Multi-region Namespace
A Multi-region Namespace is a service architecture where data and services are replicated across multiple regions to improve fault tolerance, availability, and performance. This ensures the service can continue to operate even if one region experiences failure.
Temporal provides the Multi-region Namespace feature to enable high availability. It allows a Namespace to span multiple regions, with replicas in each region. If one region goes down, the replica Namespace in another region takes over to ensure system continuity.
failover
Failover is the process of automatically switching from a failed system or component to a backup or passive standby system. This ensures service continuity and minimizes downtime in the event of hardware or software failure.
Temporal’s automated failover operates at the Namespace level. If the active Namespace fails, the replica Namespace automatically assumes the active role, ensuring the system continues to function without manual intervention.
load balancing
Load balancing refers to the process of distributing network or application traffic across multiple servers or resources to ensure no single server becomes overwhelmed. This improves resource utilization, prevents downtime, and increases the performance and reliability of systems.
Temporal uses load balancing for distributing tasks across multiple worker nodes to ensure efficient processing of workflows. However, Temporal doesn't rely on traditional load balancing for its Multi-region Namespace since it instead focuses on failover and replication to ensure high availability.
consistency model
A consistency model defines the rules for how data is synchronized across distributed systems. It determines the level of guarantee for data consistency, which can range from strict consistency (data is always the same across replicas) to eventual consistency (data may not be immediately consistent but will eventually converge).

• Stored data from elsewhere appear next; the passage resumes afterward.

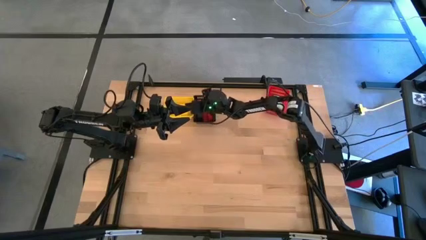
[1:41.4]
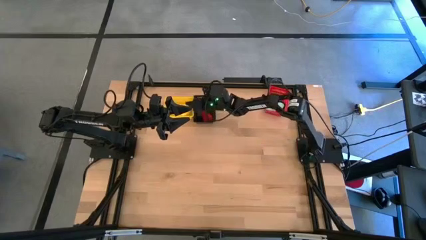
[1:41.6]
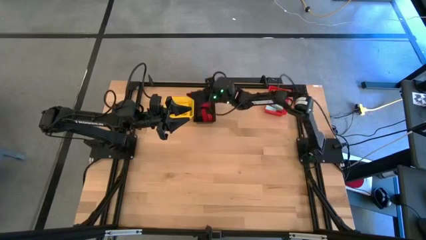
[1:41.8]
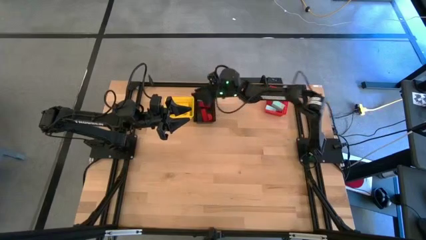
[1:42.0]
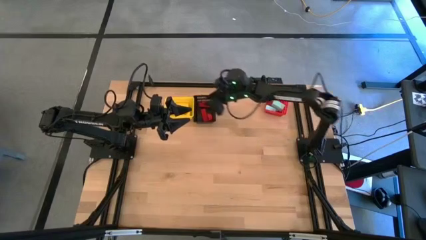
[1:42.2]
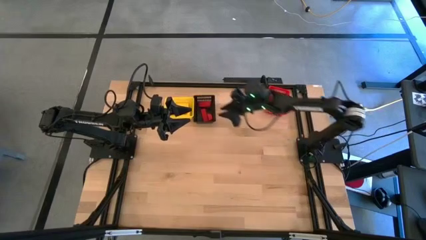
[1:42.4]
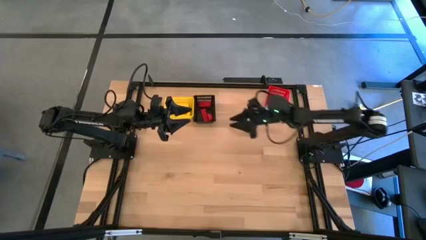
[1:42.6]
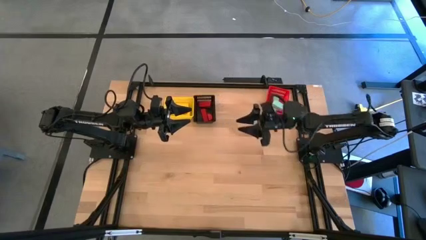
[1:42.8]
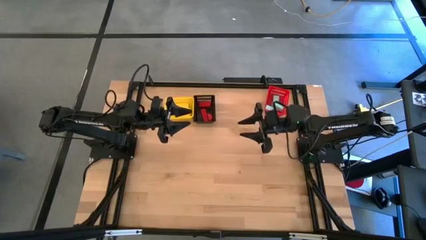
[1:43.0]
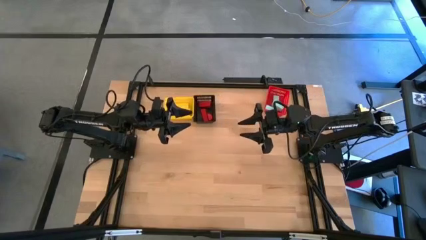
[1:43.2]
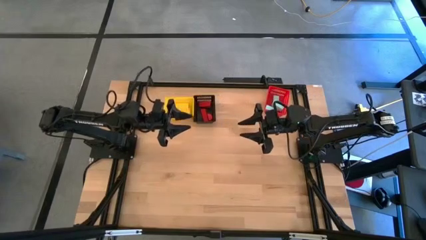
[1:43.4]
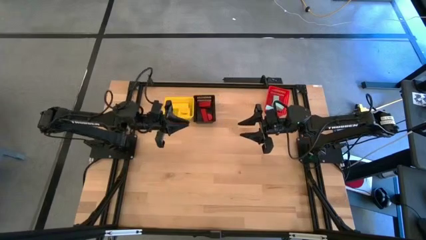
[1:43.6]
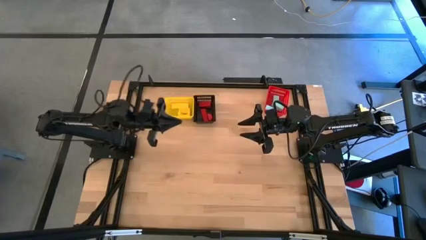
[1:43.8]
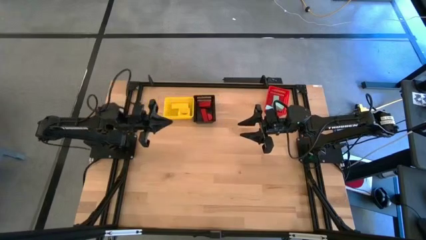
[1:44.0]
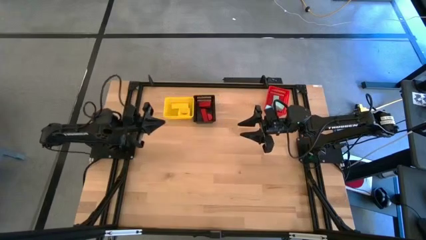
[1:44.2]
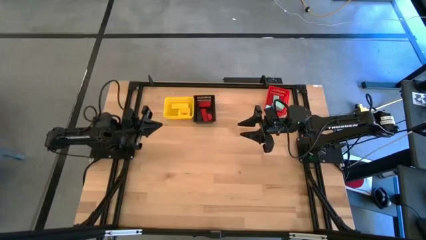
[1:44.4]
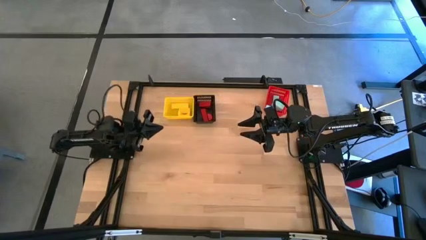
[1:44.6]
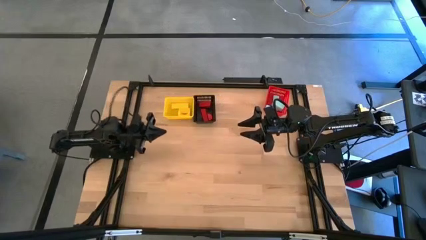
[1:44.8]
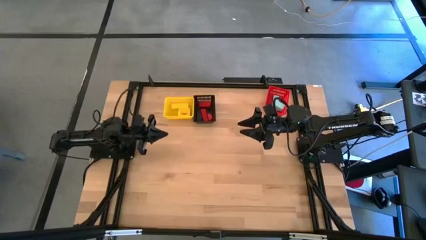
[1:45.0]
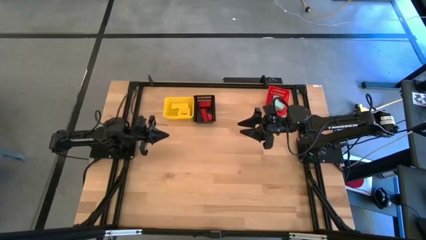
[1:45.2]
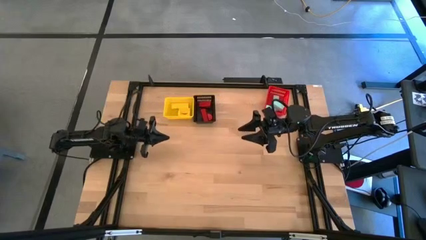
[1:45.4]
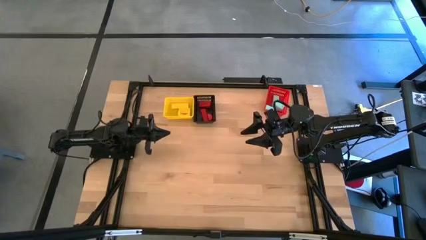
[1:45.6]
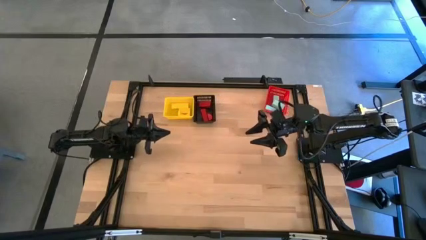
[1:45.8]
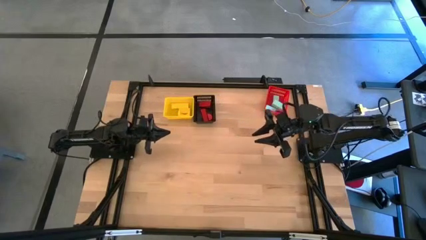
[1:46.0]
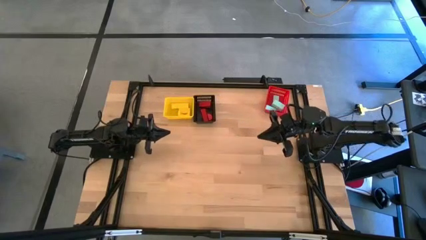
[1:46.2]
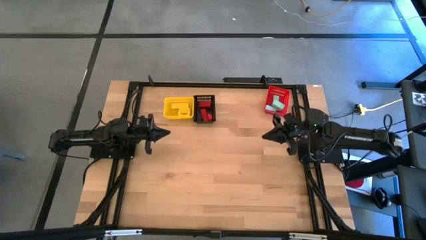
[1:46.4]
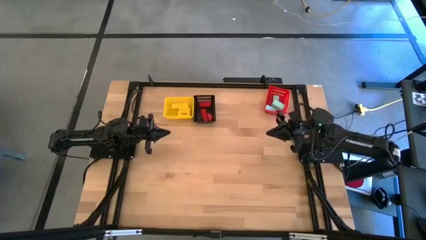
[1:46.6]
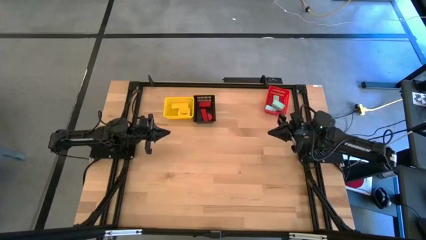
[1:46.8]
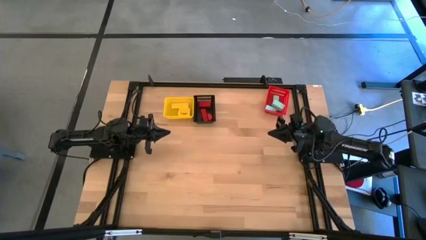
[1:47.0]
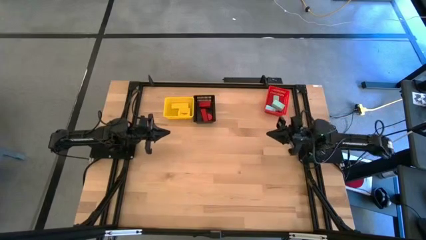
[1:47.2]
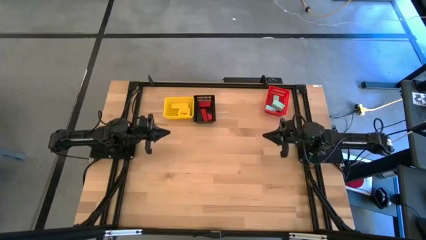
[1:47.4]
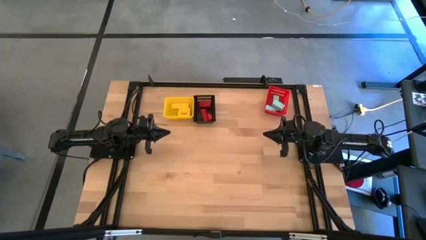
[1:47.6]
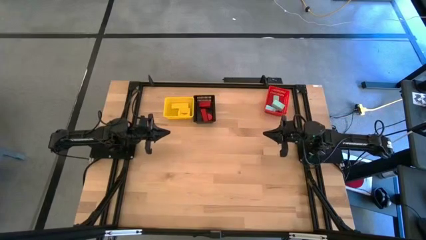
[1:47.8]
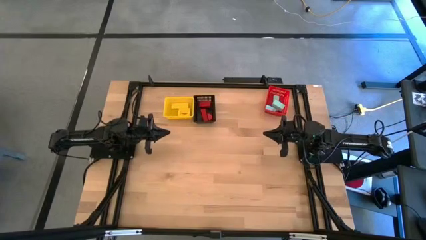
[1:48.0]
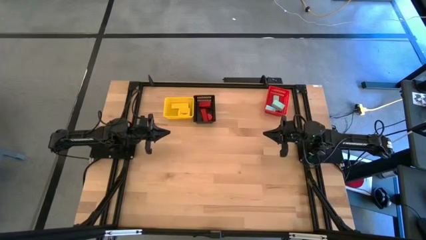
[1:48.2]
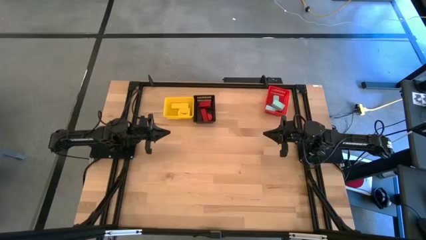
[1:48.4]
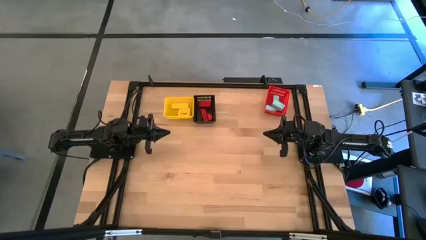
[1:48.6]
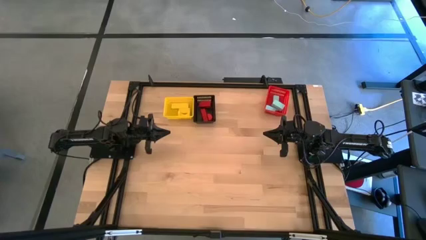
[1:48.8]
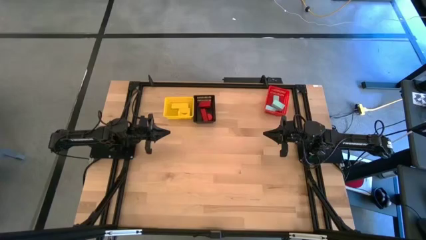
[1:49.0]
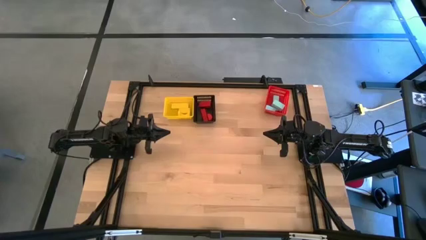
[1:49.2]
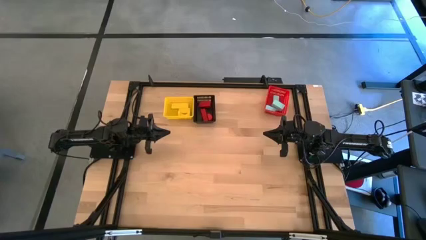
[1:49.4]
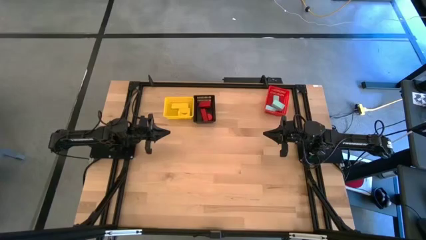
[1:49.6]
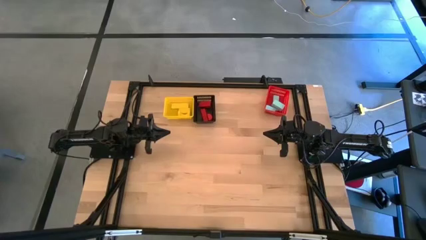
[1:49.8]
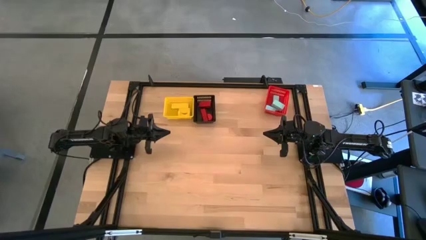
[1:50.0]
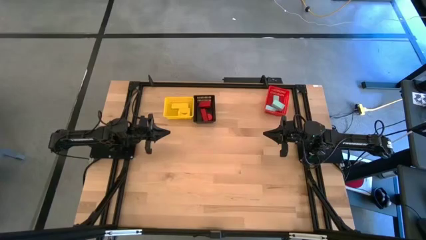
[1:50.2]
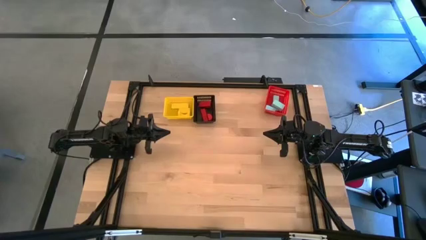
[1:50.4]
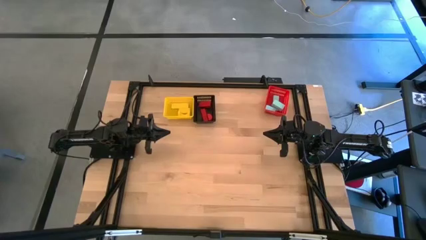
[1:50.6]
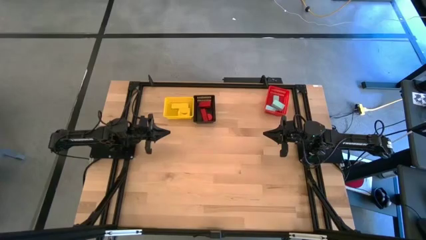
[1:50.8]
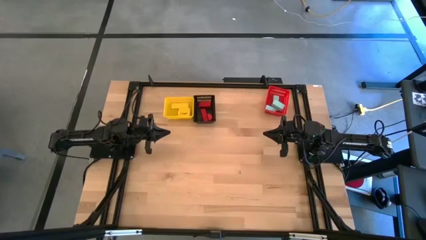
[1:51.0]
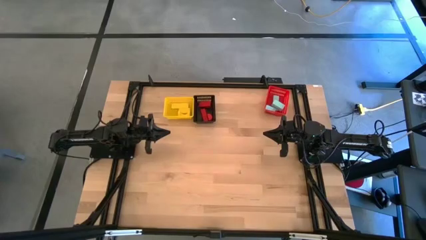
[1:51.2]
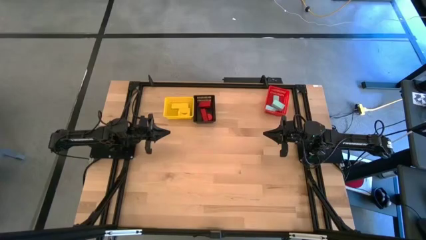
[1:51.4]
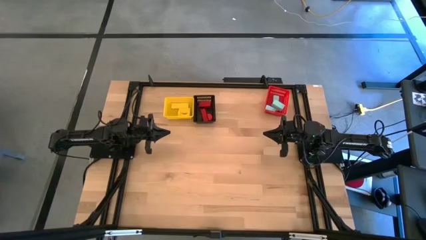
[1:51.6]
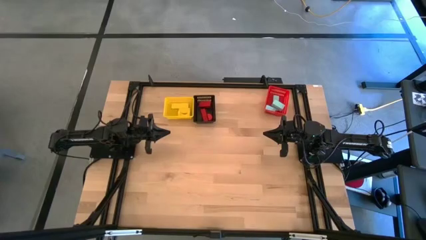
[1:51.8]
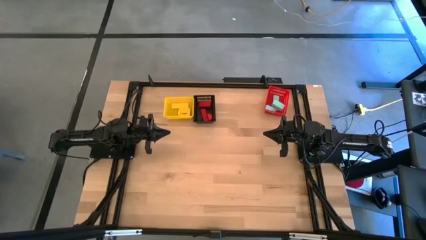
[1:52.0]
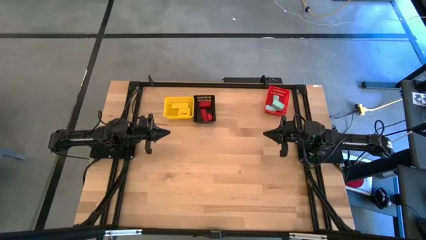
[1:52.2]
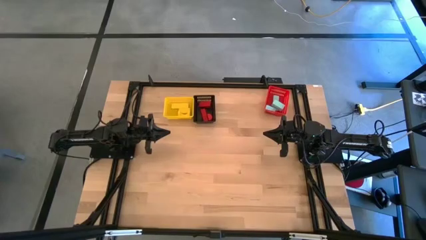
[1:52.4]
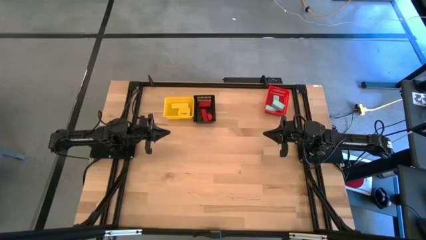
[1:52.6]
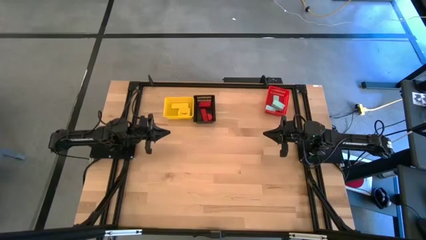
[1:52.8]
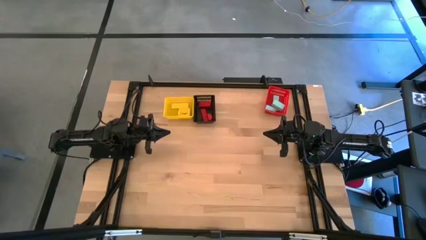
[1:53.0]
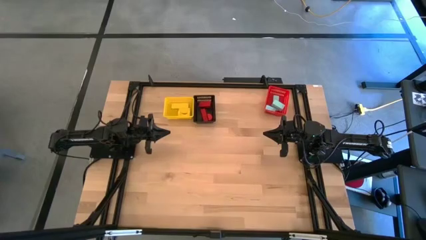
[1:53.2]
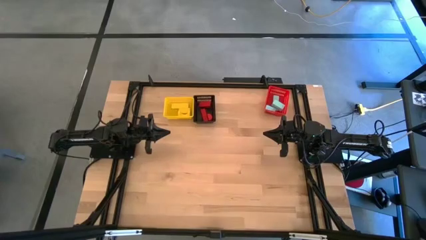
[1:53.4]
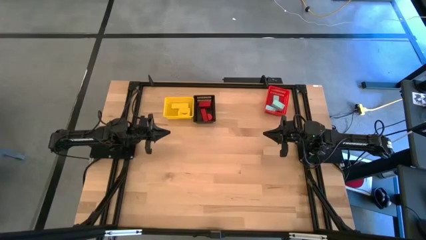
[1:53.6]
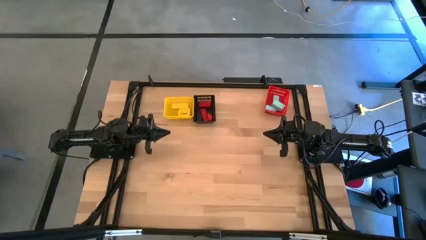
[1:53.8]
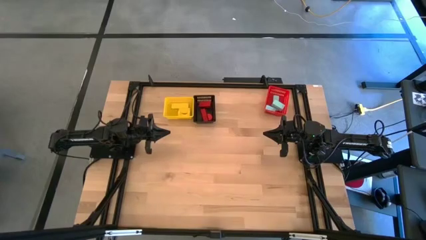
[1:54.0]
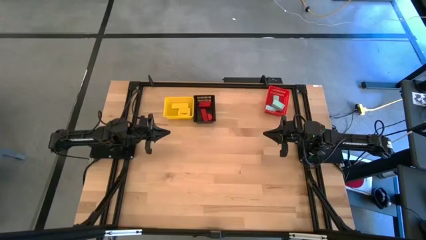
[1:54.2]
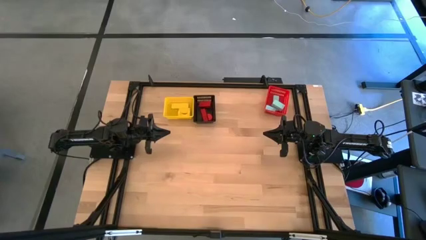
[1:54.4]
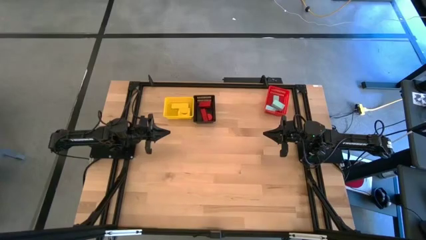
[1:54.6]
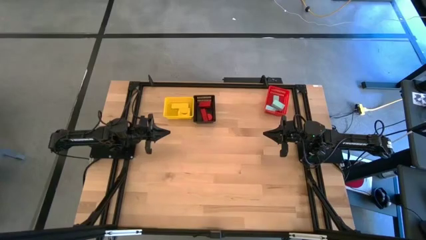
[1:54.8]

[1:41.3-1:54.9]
Task: Sort & place blocks by color
Return to Home Position

Temporal operates with an eventual consistency model for its data across Multi-region Namespaces. It ensures that workflows are replicated across regions, and data will eventually converge, but it doesn't guarantee immediate consistency during failover events.
Temporal typically doesn't rely on synchronous replication across regions due to performance considerations. Instead, it uses asynchronous replication to replicate data between replica Namespaces in different regions, ensuring that failover and eventual consistency are handled without real-time replication.